Next night, "You cursed me! Damn you, Morgan! Back to hell with you!"

One could understand the feeling. For those of you brave enough to read this section who have not worked in restaurants, there is a small design flaw in the shake machines used by most fast food restaurants. And that design flaw is that you have to take apart the machine every night and clean it. You have to remove all the parts; take all the O-rings off the parts using a screw driver or other tool; and wash each part and O-ring with soap and water and sanitizer; and then fight to get the O-rings back on before reassembling the machine. It is just proper food and health safety.

Unfortunately, this process occasionally nicks the O-rings; and thanks to the management being cheap and tight with a dollar, you are not allowed to replace them until the O-rings completely snap apart. As a result of this sound fiscal policy, every time someone uses the shake machine, a little bit of the shake mix is oozing though the nicks and into the back of the machine's cabinet. To compound the problem, management in another sound economic decision has only scheduled time once a week for some to unscrew the cabinet sides and scrape out the mess. It should be noted that this means you are cleaning out a grayish glue-like substance that is in the same family as the stuff one cleans out of the grease traps.

Given my pre-meds bipolar five-sister attitude--professional sarcasm is our business--I might have predicted horrible cleaning jobs more often than the cards indicated. Still, it was an interesting time. . .

 
Someday a Tarot of strange quantum animals. . .

Is Golden Dawn an odd association?

Thanks to my wayward Tarot reading and general war against the more irritating of my co-workers, I did end up with some non-standardized meanings for the Tarot cards. And the geomancy figures. And some odd ideas about astrological configurations. I was a fun student.

"Yes, I understand that is what some old dead white guy said that the card means; but no, that card--the Lightning Blasted Tower--clearly says that if you keep driving that way, you are gonna to throw an engine rod."

By the way, that is not the reason that I am no longer welcome in Golden Dawn and other initiated circles. No, that is because I don't believe in the great myths about how the symbols of the Tarot was created by the wisest of men and handed down through the ages, "mouth to ear" oath-bound and secure. I think that people started making up stories about the Tarot.

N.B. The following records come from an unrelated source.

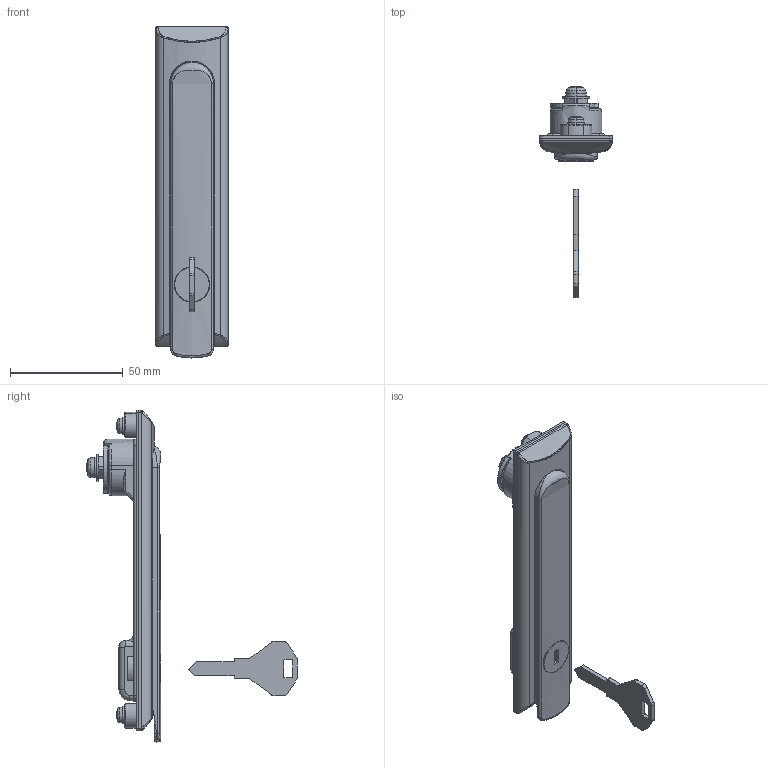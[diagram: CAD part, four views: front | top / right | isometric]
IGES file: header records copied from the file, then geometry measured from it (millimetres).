
Start section: JAMA-IS VERSION  1.0
Global section: file name: unknown; native system: SolidMX; preprocessor: V1.20; author: unknown; organization: unknown; date: 061008.144203; units: millimetre
Bounding box: 32 x 93.27 x 147 mm (x, y, z)
Surface area: 35279.5 mm2 (no closed solid volume)
Topology: 0 solids, 0 shells, 503 faces, 3618 edges, 3606 vertices
Faces by surface type: bspline 503

"Piers Anthony wrote a book using the Tarot as a framework. And there was Tim Powers--though in all fairness, that was about poker cards. Besides the historical record makes it looks like Tarot started out as a game, maybe a gambling game, with a little symbolism and foretelling tossed in after the fact. I understand that you love the super-Enoch initiation theory, but you don't have the evidence to tell that story."

Story telling and the Tarot

A lot of writers use the Tarot. I blame National Novel Writing Month for a lot of it. "Have no plot. Have no idea of what the next scene should be. Get a deck of Tarot cards. Draw a random card--write a random scene." One year, they (the people who write the NaNoWriMo pep-talks) suggested this to the crazed monkeys hacking out novels. I read the email. Later on, the expert that wrote about it expanded the idea into a whole book (Tarot for Writers--or something like that--I don't dare go look or even Googlize it because the cat will think that I am done writing).

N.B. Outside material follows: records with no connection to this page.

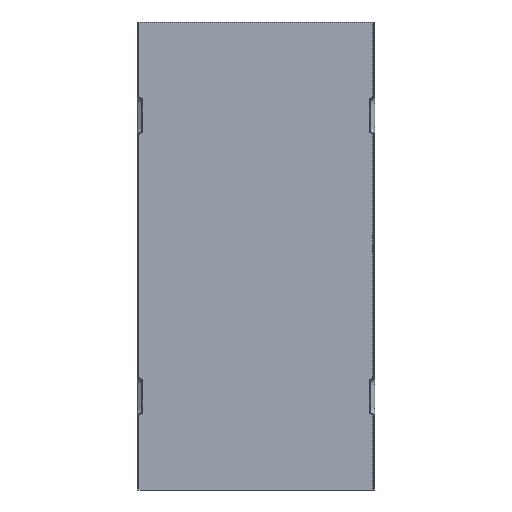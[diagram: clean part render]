
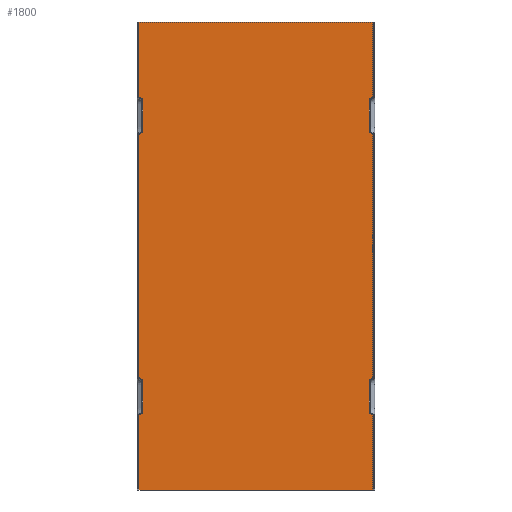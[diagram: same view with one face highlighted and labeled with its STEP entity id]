
A CAD part, front view. The second image highlights one B-rep face of the part: STEP entity #1800.
In plain terms, the highlighted planar face has unit normal (0, -1, 0).
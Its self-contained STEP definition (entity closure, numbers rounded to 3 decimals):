
#47=PLANE('',#2061);
#169=LINE('',#3134,#285);
#175=LINE('',#3154,#291);
#177=LINE('',#3157,#293);
#179=LINE('',#3160,#295);
#285=VECTOR('',#2617,10.);
#291=VECTOR('',#2643,10.);
#293=VECTOR('',#2647,10.);
#295=VECTOR('',#2651,10.);
#417=FACE_OUTER_BOUND('',#519,.T.);
#519=EDGE_LOOP('',(#1560,#1561,#1562,#1563));
#802=VERTEX_POINT('',#3125);
#803=VERTEX_POINT('',#3129);
#806=VERTEX_POINT('',#3145);
#807=VERTEX_POINT('',#3149);
#1045=EDGE_CURVE('',#802,#803,#169,.T.);
#1055=EDGE_CURVE('',#806,#807,#175,.T.);
#1057=EDGE_CURVE('',#803,#806,#177,.T.);
#1059=EDGE_CURVE('',#807,#802,#179,.T.);
#1560=ORIENTED_EDGE('',*,*,#1059,.T.);
#1561=ORIENTED_EDGE('',*,*,#1045,.T.);
#1562=ORIENTED_EDGE('',*,*,#1057,.T.);
#1563=ORIENTED_EDGE('',*,*,#1055,.T.);
#1800=ADVANCED_FACE('',(#417),#47,.F.);
#2061=AXIS2_PLACEMENT_3D('',#3162,#2654,#2655);
#2617=DIRECTION('',(0.,0.,-1.));
#2643=DIRECTION('',(0.,0.,1.));
#2647=DIRECTION('',(1.,0.,0.));
#2651=DIRECTION('',(-1.,0.,0.));
#2654=DIRECTION('center_axis',(0.,1.,0.));
#2655=DIRECTION('ref_axis',(0.,0.,1.));
#3125=CARTESIAN_POINT('',(-150.,0.,0.));
#3129=CARTESIAN_POINT('',(-150.,0.,-300.));
#3134=CARTESIAN_POINT('',(-150.,0.,0.));
#3145=CARTESIAN_POINT('',(0.,0.,-300.));
#3149=CARTESIAN_POINT('',(0.,0.,0.));
#3154=CARTESIAN_POINT('',(0.,0.,-300.));
#3157=CARTESIAN_POINT('',(-150.,0.,-300.));
#3160=CARTESIAN_POINT('',(0.,0.,0.));
#3162=CARTESIAN_POINT('Origin',(-75.,0.,-150.));

Recently I combined the idea with a story structure work sheet that I grabbed from Layer Your Novel (C. S. Lakin). One card per scene. Lakin teaches that one should have three plots/subplots to flesh out a novel--figure ten scenes per plot/subplot and one ends up with a thirty card spread. I am not sure that I would advise one to actually use this or not; I am using the method to practice my story structure building skill.

So looking at just one plot (your base plot) one would draw ten Tarot cards.

#1 Setup
#2 Turning point #1 (10%)--inciting incident
#3 Pinch Point #1 (33% roughly)
#4 Twist #1
#5 The Midpoint (50%)
#6 Pinch Point #2 (62% roughly)
#7 Twist #2
#8 Turning Point #4 (75%)--major setback
#9 Turning Point #5 (76-99%)--the climax
#10 The Aftermath (90-99%)--the wrap-up

Note that the percentage here are based on Lakin's theory that satisfying novels have certain types of scenes at various points in the story--that there is a common structure that underlies successful novels. 

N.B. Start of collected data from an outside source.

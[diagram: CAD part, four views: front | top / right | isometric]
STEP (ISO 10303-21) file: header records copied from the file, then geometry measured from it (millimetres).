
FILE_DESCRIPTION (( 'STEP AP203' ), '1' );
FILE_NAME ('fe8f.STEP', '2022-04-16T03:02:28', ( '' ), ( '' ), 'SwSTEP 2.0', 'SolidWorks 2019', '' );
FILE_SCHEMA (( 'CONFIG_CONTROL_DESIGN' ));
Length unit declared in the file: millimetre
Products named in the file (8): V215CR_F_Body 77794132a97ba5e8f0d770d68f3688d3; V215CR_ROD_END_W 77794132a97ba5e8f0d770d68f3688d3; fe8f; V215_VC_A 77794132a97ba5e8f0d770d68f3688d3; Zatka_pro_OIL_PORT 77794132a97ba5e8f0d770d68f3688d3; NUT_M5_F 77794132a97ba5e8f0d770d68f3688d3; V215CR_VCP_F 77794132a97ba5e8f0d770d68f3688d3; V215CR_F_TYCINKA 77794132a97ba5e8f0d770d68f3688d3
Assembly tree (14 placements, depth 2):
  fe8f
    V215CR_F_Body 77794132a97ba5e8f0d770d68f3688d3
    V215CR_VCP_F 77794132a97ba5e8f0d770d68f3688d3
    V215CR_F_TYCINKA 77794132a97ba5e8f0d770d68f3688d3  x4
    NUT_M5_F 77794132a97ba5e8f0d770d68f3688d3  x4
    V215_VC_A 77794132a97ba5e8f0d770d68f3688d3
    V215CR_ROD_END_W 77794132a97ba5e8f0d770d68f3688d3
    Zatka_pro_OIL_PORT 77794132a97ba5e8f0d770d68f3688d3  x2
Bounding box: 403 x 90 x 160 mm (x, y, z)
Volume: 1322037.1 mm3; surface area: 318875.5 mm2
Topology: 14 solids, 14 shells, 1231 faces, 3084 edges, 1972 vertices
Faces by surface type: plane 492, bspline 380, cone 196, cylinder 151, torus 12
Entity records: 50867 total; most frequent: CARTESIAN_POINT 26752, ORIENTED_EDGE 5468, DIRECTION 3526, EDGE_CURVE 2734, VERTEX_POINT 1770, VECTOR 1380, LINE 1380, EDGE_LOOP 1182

A couple of tricks that I use

Different Tarot decks for different types of stories. "Yes, I do own a rather racy Italian Tarot deck for erotica." I have a pink deck (okay it is not completely pink--but all other colors are just echoes of the pink) that I use for romance; this is based on the idea that if this is the deck clients choose when they are asking for a "love reading," then it probably good for romance story plot lines. "Yes, I do write romance--but as my wife describes it--the crazy happens in outer space." You laugh, but I have described one of my WIPs, Axe Murderer of Titan, as a romance story.

Another trick is re-arranging the cards. It is kinda like looking at a client and saying, "This would be a far more interesting reading if these two cards were exchanged in position. Now, not only are you cleaning the shake machine, you are doing it while arguing with your boyfriend. Hey boss, can I have tomorrow night off?" Cards in the same position, but of different subplots play off of one another. Remember three columns of cards for three subplots. "Thirty scenes, you can do it Tarot--give me an outline of a successful novel. Daddy needs a new hot water heater!"

Of course, because I abuse my Tarot cards this way--a self-proclaimed Golden Dawn expert told me that I am soiling the cards, not treating them as the holy object they are--I end up with Tarot imagery in my stories, even when I am not using the Tarot to brainstorm plots.

One time at space camp. . .

My latest bit of odd Tarot imagery crept in when I started thinking about what a New Egyptian astronaut good luck ritual would be like. It should be noted that the New Egyptian religion is a strange mashup of Wicca and some odd things I have read about the Ancient Egyptians, issued sometime after a group of seven angry women decided that they were not going to out up with those type of men any longer.

The prayer is being said before a rocket launch.

Oh what to use.

"Look, someone left the Wiccan Cakes and Ale next to the Golden Dawn Mystic Repast with a version of the Universe card painted on the floor. Gee, this is going to be a good one. And if they did not want me to use the parts to build a Frankenstein monster, they should have bolted it down better."

Yes, I took my symbolism borrowing technique from my father's "If they did not want their tools stolen, they shouldn't have left them on the job site." My father own a couple dozen hammers.

So basically, I want one line per element. And I want to tie it into the image of a spaceship's escape pod--which in turn, in my head, is connected with the Major Arcana of the World/Universe. An escape pod has already shown up in the story by this point, and I know that another one shows up later in the story.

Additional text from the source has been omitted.